▸ Extracted entries:
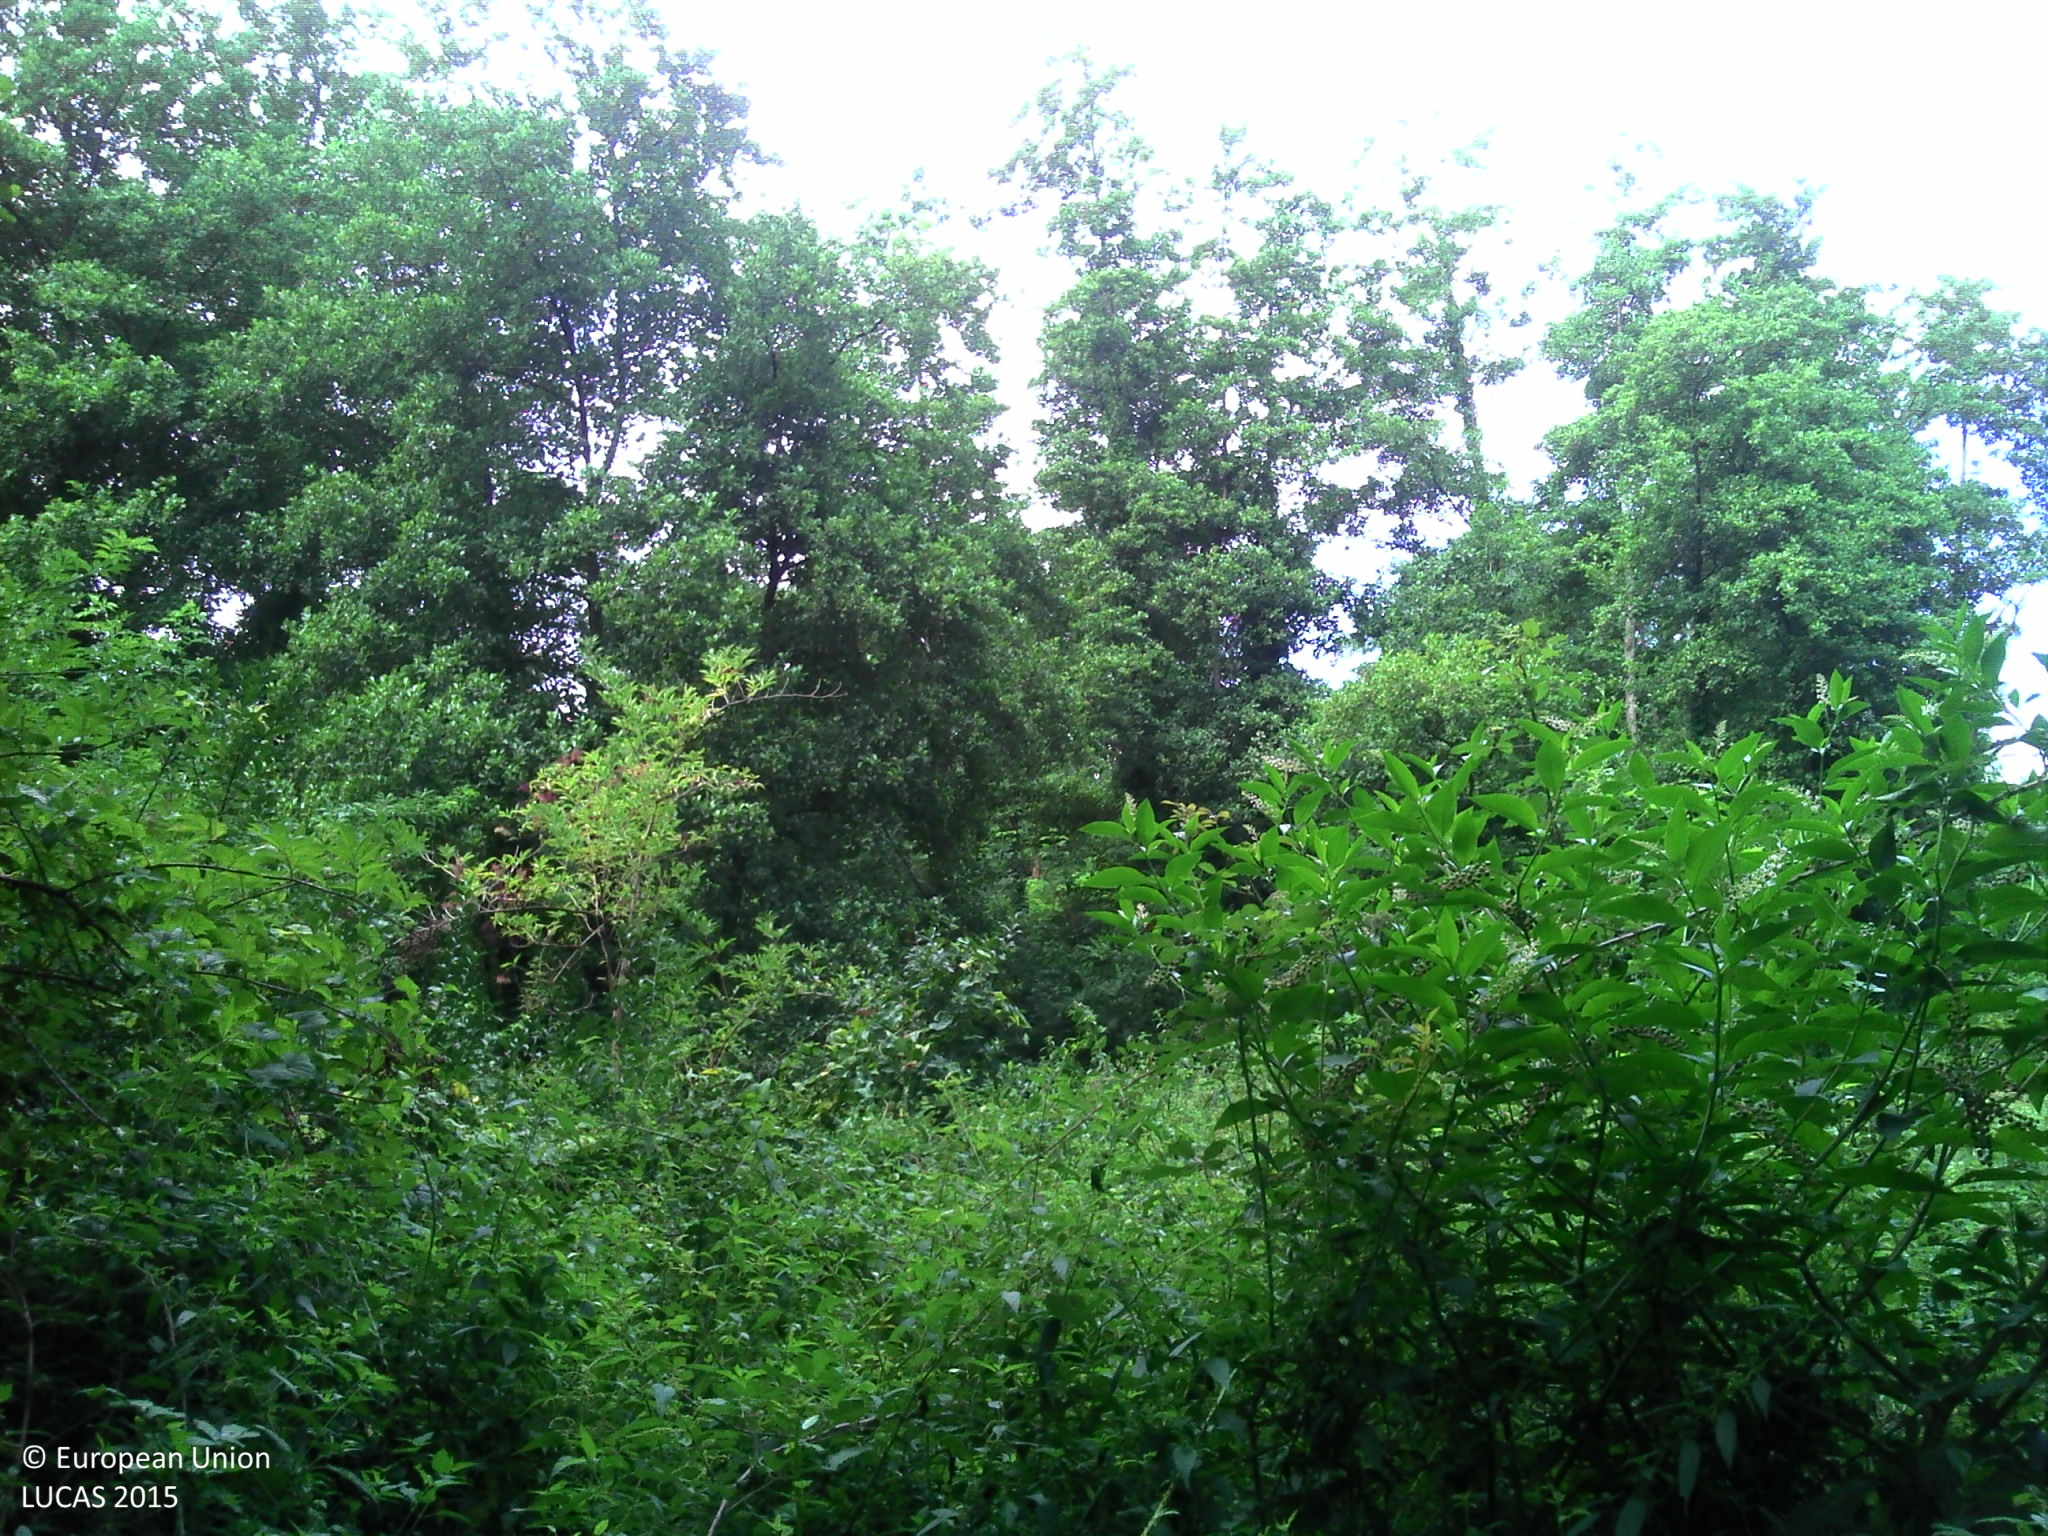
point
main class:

--

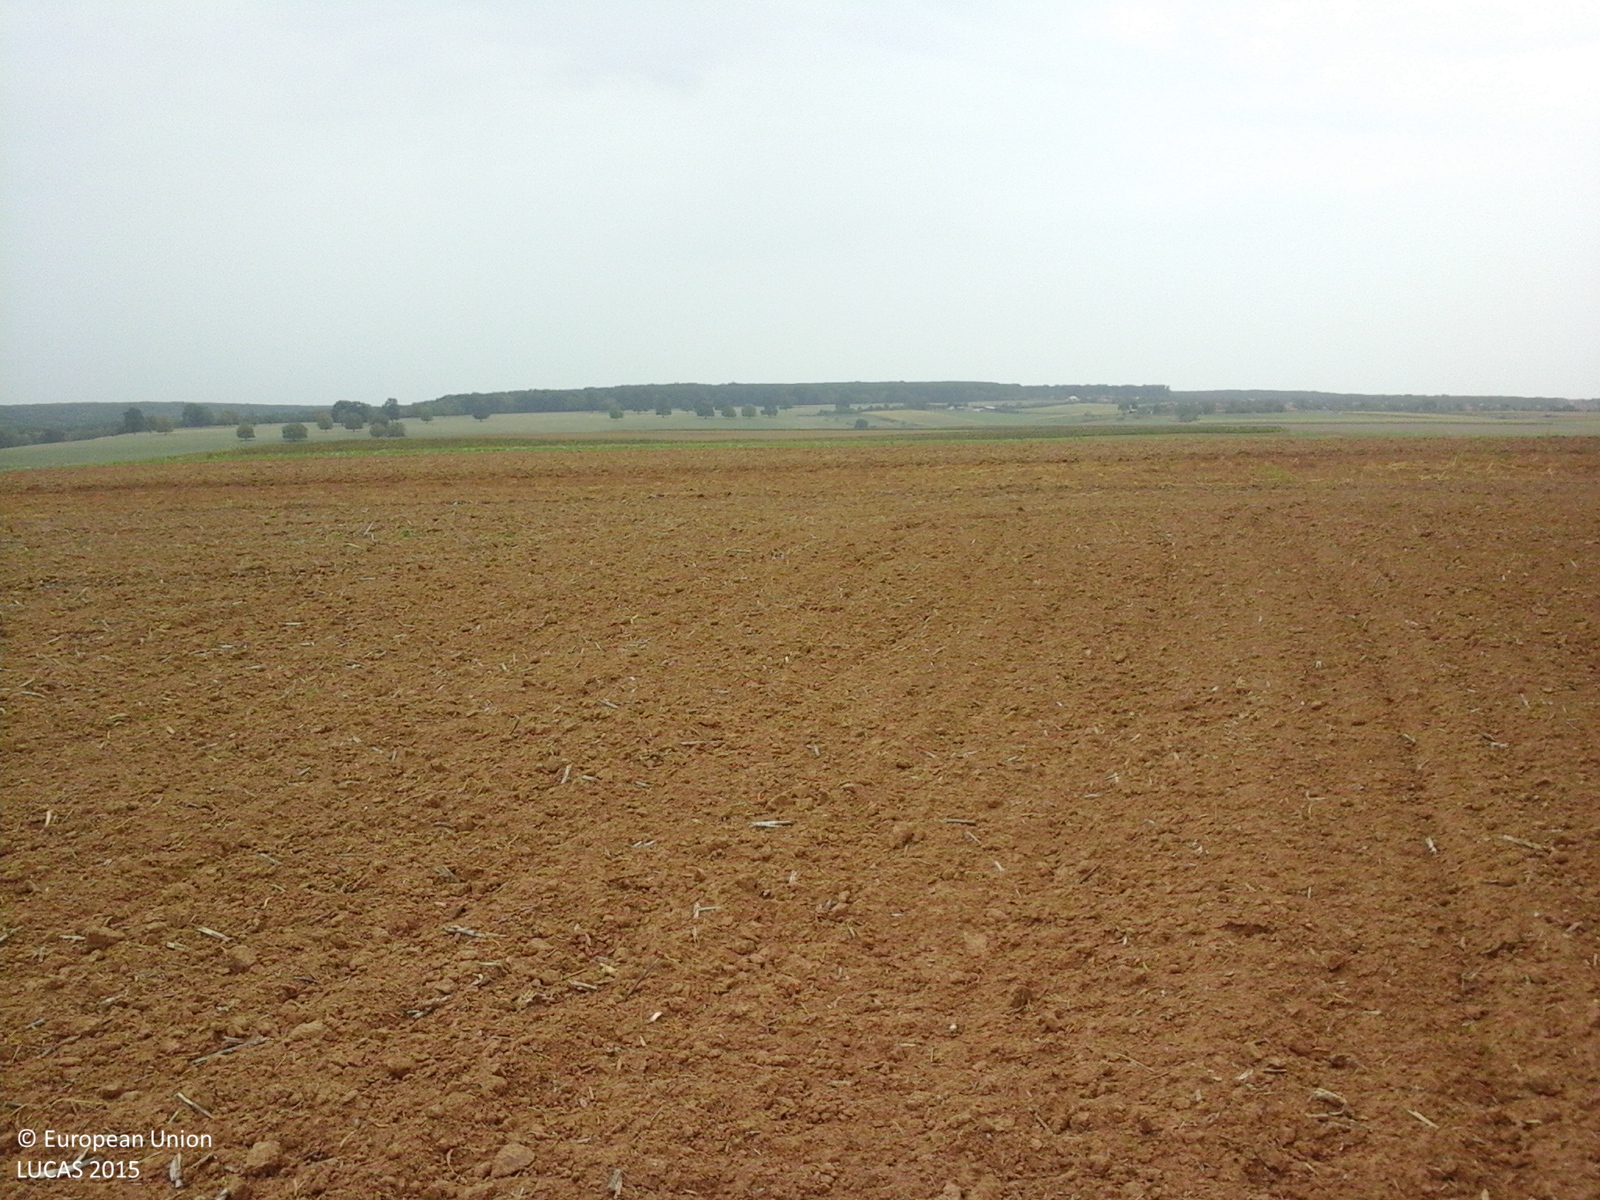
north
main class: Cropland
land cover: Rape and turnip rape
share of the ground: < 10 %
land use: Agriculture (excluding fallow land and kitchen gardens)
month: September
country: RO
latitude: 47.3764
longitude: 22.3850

▸ Task description: Above are the records. Print exactly, and only, the lines from the line with "land cover: Rape and turnip rape" to the line with "longitude: 22.3850", both inclusive.

▸ Result:
land cover: Rape and turnip rape
share of the ground: < 10 %
land use: Agriculture (excluding fallow land and kitchen gardens)
month: September
country: RO
latitude: 47.3764
longitude: 22.3850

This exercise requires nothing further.